John Clarke mulai menunjukkan dokumen-dokumen kepada pria itu, yang kemudian memeriksanya.
“Aku melihat orang-orang yang kurindukan dan orang-orang yang ingin kubunuh.”
“Hubungi mereka semua, dan untuk orang-orang yang tidak bisa kita gunakan, berikan saja beberapa dolar kepada mereka yang pecandu narkoba atau orang sakit.”
“Bagaimana denganmu?”
“Saya mendapatkan sebanyak ini hanya dengan bertanya-tanya sebagai seorang penyelidik swasta.”
John Clarke menunjukkan kepada pria itu sebuah buku catatan berisi daftar pejabat pemerintah yang korup.
“Mereka sudah mengulurkan tangan untuk menerima suap, dan kita akan mulai dari sini.”
***
John Clarke menelepon saya tepat sebelum saya berangkat ke Korea, dan mereka telah menemukan orang yang saya cari. Pencarian di penjara dan pusat penahanan membuahkan hasil.
Empat pria bertubuh kekar menyambutku, dan mereka semua tampak seperti menggunakan steroid untuk mempertahankan otot yang mereka butuhkan untuk pekerjaan mereka.
“Saya mungkin bisa menemukannya sebelum dia keluar jika kita melakukan pencarian ‘lebih efisien’ sejak awal.”
“Mempekerjakanmu ‘secara langsung’ membuahkan hasil. Apakah kamu tahu di mana dia?”
“Dia ada di Brooklyn, dan orang-orangku sedang menjaganya.”
Suara John menjadi rendah saat dia melanjutkan.

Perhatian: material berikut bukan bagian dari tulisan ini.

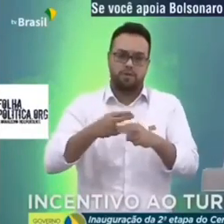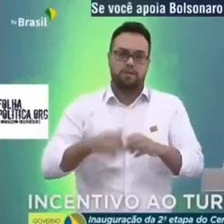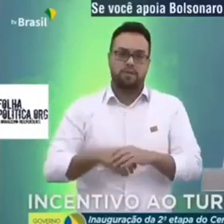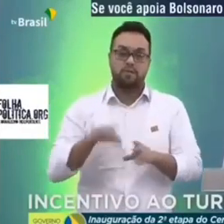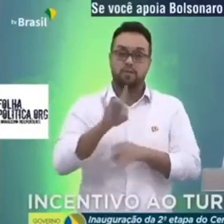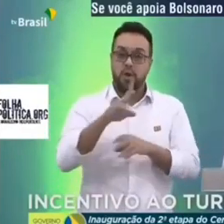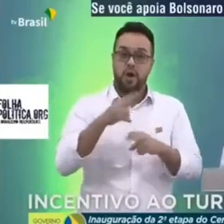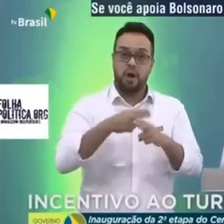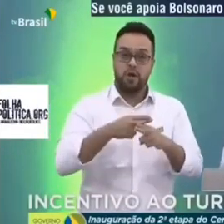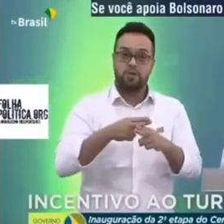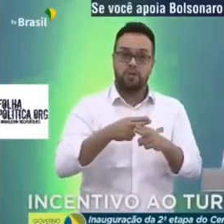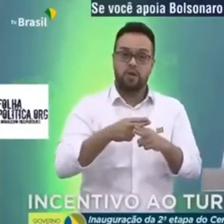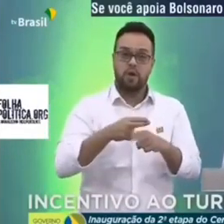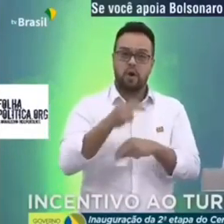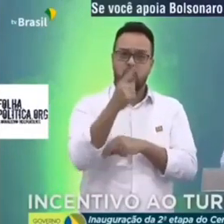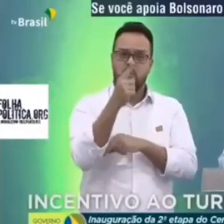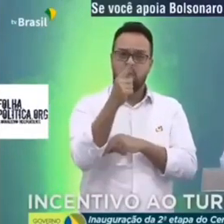um terço do que se gastava em alguns

“Kita bisa mendapatkannya jika kamu mengatakannya sekarang.”
Matanya beralih ke ponselnya.
“Apa tuduhannya?”
“Pembunuhan tingkat pertama. Jika itu benar, dia berbahaya dan gila.”

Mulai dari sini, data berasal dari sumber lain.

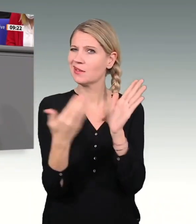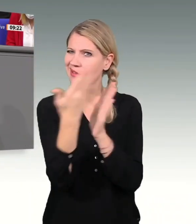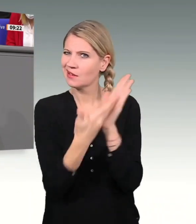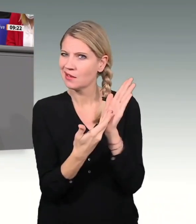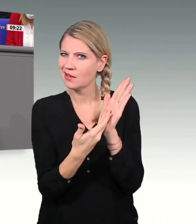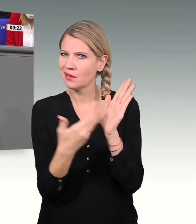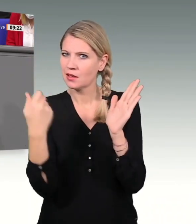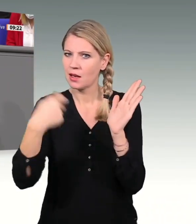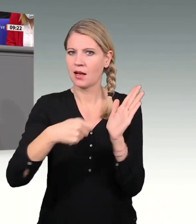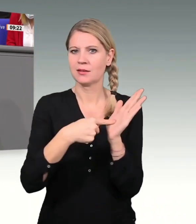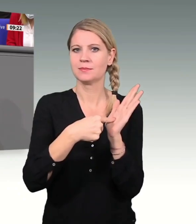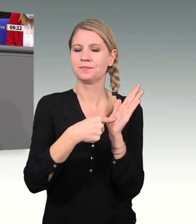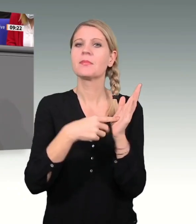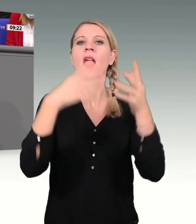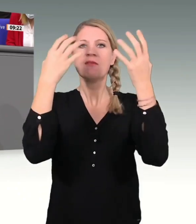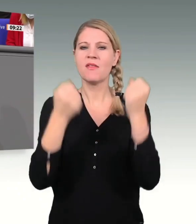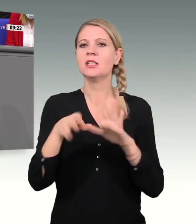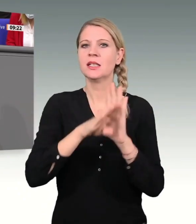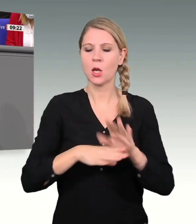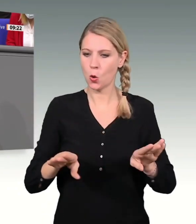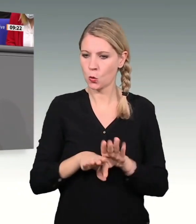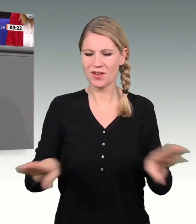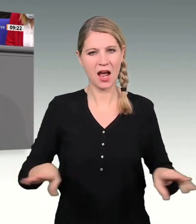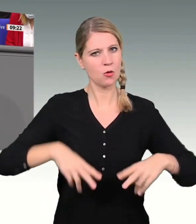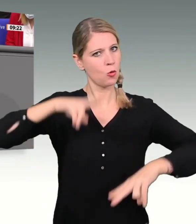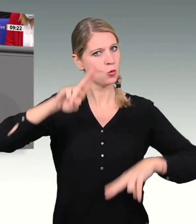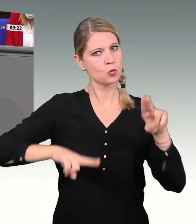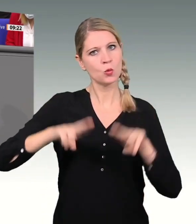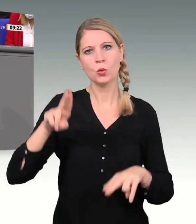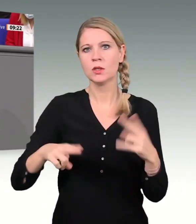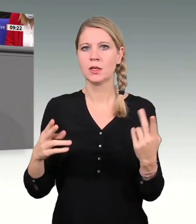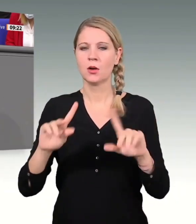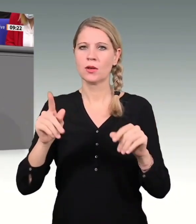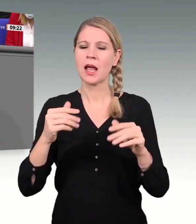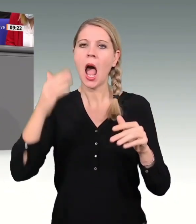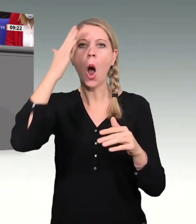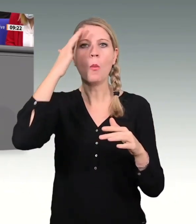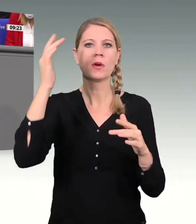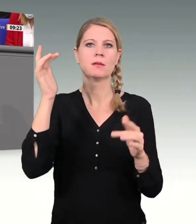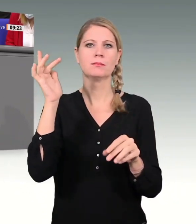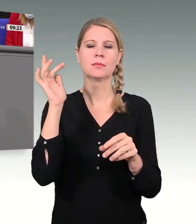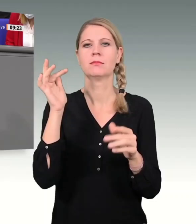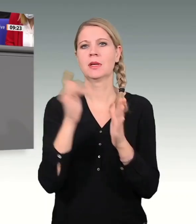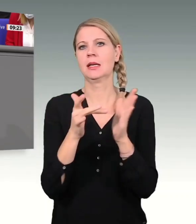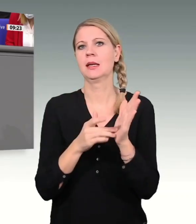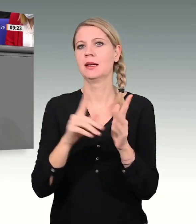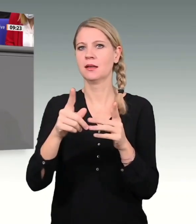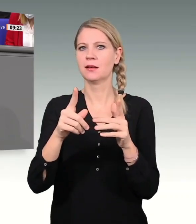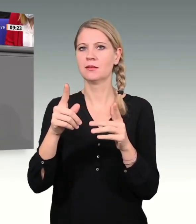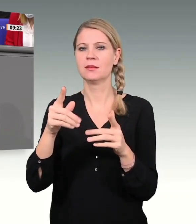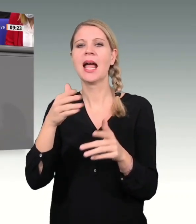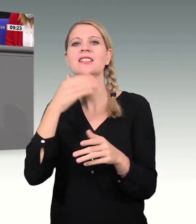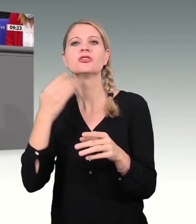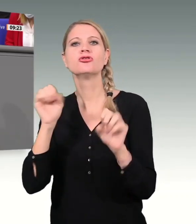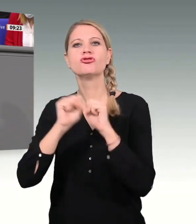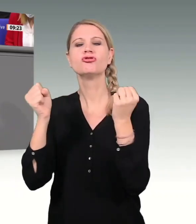sind die verfassungsrechtlichen Grundlagen sehr unterschiedlich. Und der Hauptkritikpunkt des hessischen Staatsgerichtshofs war

Namun, entah bagaimana dia berhasil lolos, dan John memiliki dokumen pengadilan yang seharusnya hanya dilihat oleh pengadilan dan polisi. Saya tidak peduli.
“Ethan, enam anak buahku ada di sana, dan kita bisa menangkapnya sekarang.”
“Katakan pada mereka untuk tidak mendekatinya dengan alasan apa pun.”
“…Saya mengerti.”
“Kami akan melakukan ‘sanitasi’ dan masuk dengan ‘bersih’. Tanpa identifikasi, atau perlengkapan yang dapat digunakan untuk melacak kami. Suruh Brooklyn melakukan hal yang sama. Juga.”
“Ya?”
“Apakah kamu punya masker?”
Aku masuk ke mobil mereka, bukan sedan milik Jonathan yang kupakai di New York, dan semua orang terdiam kecuali John.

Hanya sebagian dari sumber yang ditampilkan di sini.